Implementation Details and Practical Considerations

The RLSP framework is implemented using PPO, with the reward function:

$\mathcal{R}(q, o) = \alpha \cdot \mathds{1}[\mathrm{Ver}(q, o) = \mathrm{True}] + (1-\alpha) \cdot \mathcal{R}_{\mathrm{ex}}(q, o)$

where $\alpha$ is a tunable hyperparameter (set to 0.8 in experiments), and $\mathcal{R}_{\mathrm{ex}}$ is the exploration reward (e.g., proportional to response length or LLM-judged creativity). The outcome verifier provides a sparse but high-precision correctness signal, while the exploration reward provides a dense signal to guide the model toward richer reasoning trajectories.

The authors note that the exploration reward must be carefully balanced to avoid reward hacking (e.g., meaningless repetition for length). In practice, the combination of SFT and RLSP yields the best results, but SFT can be omitted if reward engineering is sufficiently robust.

Comparative Analysis and Token Efficiency

RLSP-trained models outperform self-consistency and majority-vote baselines under equivalent token budgets, achieving higher accuracy with fewer samples. This demonstrates that RLSP not only improves reasoning quality but also enhances token efficiency, a critical consideration for deployment at scale.

Implications and Future Directions

The findings have several implications:

Scalability: RLSP is a scalable framework for inducing search and reasoning in LLMs, applicable across domains and model sizes.
Synthetic Data Generation: By incentivizing exploration, RLSP enables models to generate novel CoT data, facilitating continuous self-improvement.
Generalization: Emergent behaviors induced by RLSP are robust to changes in model architecture and pretraining data, provided that exploration is rewarded.
Limitations: Emergent behaviors do not guarantee correctness; further work is needed to align exploration with solution quality, especially for small models or limited compute.

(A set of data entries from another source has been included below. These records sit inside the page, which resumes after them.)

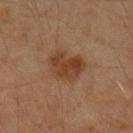Part of a total-body skin-imaging series; this lesion was reviewed on a skin check and was not flagged for biopsy. A male subject, about 60 years old. An algorithmic analysis of the crop reported a footprint of about 11 mm² and a shape-asymmetry score of about 0.3 (0 = symmetric). The analysis additionally found roughly 8 lightness units darker than nearby skin and a lesion-to-skin contrast of about 8 (normalized; higher = more distinct). Approximately 4 mm at its widest. Cropped from a total-body skin-imaging series; the visible field is about 15 mm. Located on the left upper arm. Captured under cross-polarized illumination.
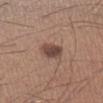Clinical summary:
The lesion is on the right lower leg. The subject is a male in their mid- to late 30s. An algorithmic analysis of the crop reported a border-irregularity rating of about 2/10 and peripheral color asymmetry of about 1. And it measured lesion-presence confidence of about 100/100. Longest diameter approximately 2.5 mm. Captured under white-light illumination. A 15 mm close-up tile from a total-body photography series done for melanoma screening.
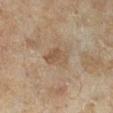The lesion was tiled from a total-body skin photograph and was not biopsied. Cropped from a total-body skin-imaging series; the visible field is about 15 mm. Automated tile analysis of the lesion measured an average lesion color of about L≈47 a*≈14 b*≈29 (CIELAB), a lesion–skin lightness drop of about 7, and a normalized lesion–skin contrast near 6. The analysis additionally found a classifier nevus-likeness of about 0/100 and a lesion-detection confidence of about 100/100. This is a cross-polarized tile. Measured at roughly 3.5 mm in maximum diameter. The patient is a female in their 60s. Located on the right lower leg.
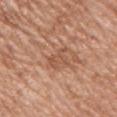{"biopsy_status": "not biopsied; imaged during a skin examination", "lesion_size": {"long_diameter_mm_approx": 2.5}, "patient": {"sex": "male", "age_approx": 55}, "image": {"source": "total-body photography crop", "field_of_view_mm": 15}, "site": "chest", "lighting": "white-light"}
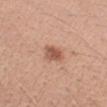Impression: This lesion was catalogued during total-body skin photography and was not selected for biopsy. Background: Located on the arm. The lesion's longest dimension is about 3 mm. Imaged with white-light lighting. The lesion-visualizer software estimated a mean CIELAB color near L≈55 a*≈23 b*≈31 and a normalized lesion–skin contrast near 8. It also reported border irregularity of about 2.5 on a 0–10 scale, a color-variation rating of about 3/10, and peripheral color asymmetry of about 1. A 15 mm crop from a total-body photograph taken for skin-cancer surveillance. A female patient, approximately 45 years of age.
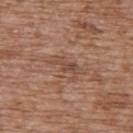On the back. The subject is a female aged 73 to 77. Cropped from a whole-body photographic skin survey; the tile spans about 15 mm. The lesion-visualizer software estimated a normalized lesion–skin contrast near 6. It also reported an automated nevus-likeness rating near 0 out of 100. Captured under white-light illumination. The lesion's longest dimension is about 3.5 mm.
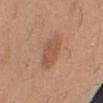follow-up: total-body-photography surveillance lesion; no biopsy
lesion size: about 4 mm
patient: male, about 40 years old
automated metrics: a color-variation rating of about 2/10 and peripheral color asymmetry of about 1; an automated nevus-likeness rating near 35 out of 100 and a lesion-detection confidence of about 100/100
location: the right upper arm
lighting: white-light illumination
image source: ~15 mm tile from a whole-body skin photo
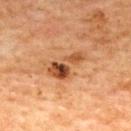Case summary:
– size — ~5 mm (longest diameter)
– anatomic site — the upper back
– patient — female, roughly 60 years of age
– acquisition — ~15 mm crop, total-body skin-cancer survey
– lighting — cross-polarized
– automated lesion analysis — an average lesion color of about L≈40 a*≈22 b*≈32 (CIELAB), a lesion–skin lightness drop of about 12, and a normalized border contrast of about 9.5; a nevus-likeness score of about 55/100 and a lesion-detection confidence of about 100/100
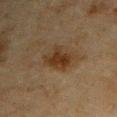Image and clinical context:
Imaged with cross-polarized lighting. A region of skin cropped from a whole-body photographic capture, roughly 15 mm wide. Approximately 4 mm at its widest. From the left upper arm. A male subject aged around 65.
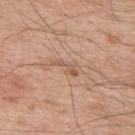Findings:
• follow-up: no biopsy performed (imaged during a skin exam)
• anatomic site: the upper back
• image source: total-body-photography crop, ~15 mm field of view
• patient: male, aged 53 to 57
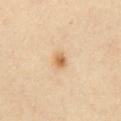follow-up — imaged on a skin check; not biopsied | acquisition — ~15 mm tile from a whole-body skin photo | site — the chest | automated metrics — a lesion color around L≈66 a*≈20 b*≈41 in CIELAB and roughly 11 lightness units darker than nearby skin; a within-lesion color-variation index near 3/10 and radial color variation of about 1 | subject — female, aged 38–42 | illumination — cross-polarized illumination | lesion diameter — about 2 mm.
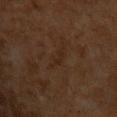workup = no biopsy performed (imaged during a skin exam) | image = total-body-photography crop, ~15 mm field of view | subject = male, aged around 60 | site = the upper back.
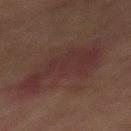{
  "biopsy_status": "not biopsied; imaged during a skin examination",
  "image": {
    "source": "total-body photography crop",
    "field_of_view_mm": 15
  },
  "patient": {
    "sex": "male",
    "age_approx": 65
  },
  "site": "front of the torso"
}

The authors speculate on future research directions, including finer-grained test-time search, the impact of context length, and the possibility of inducing higher-order reasoning abilities (e.g., abstraction, tool creation) via further extensions of the RLSP paradigm.

Conclusion

This work provides a principled framework and empirical evidence for the emergence of search and reasoning behaviors in LLMs via RLSP. By decoupling exploration and correctness signals and leveraging RL with self-play, the framework enables models to synthesize novel reasoning trajectories and exhibit meta-cognitive behaviors such as backtracking and self-verification. The results suggest that RLSP is a promising direction for advancing the reasoning capabilities of LLMs, with broad implications for the development of LRMs and future AI systems.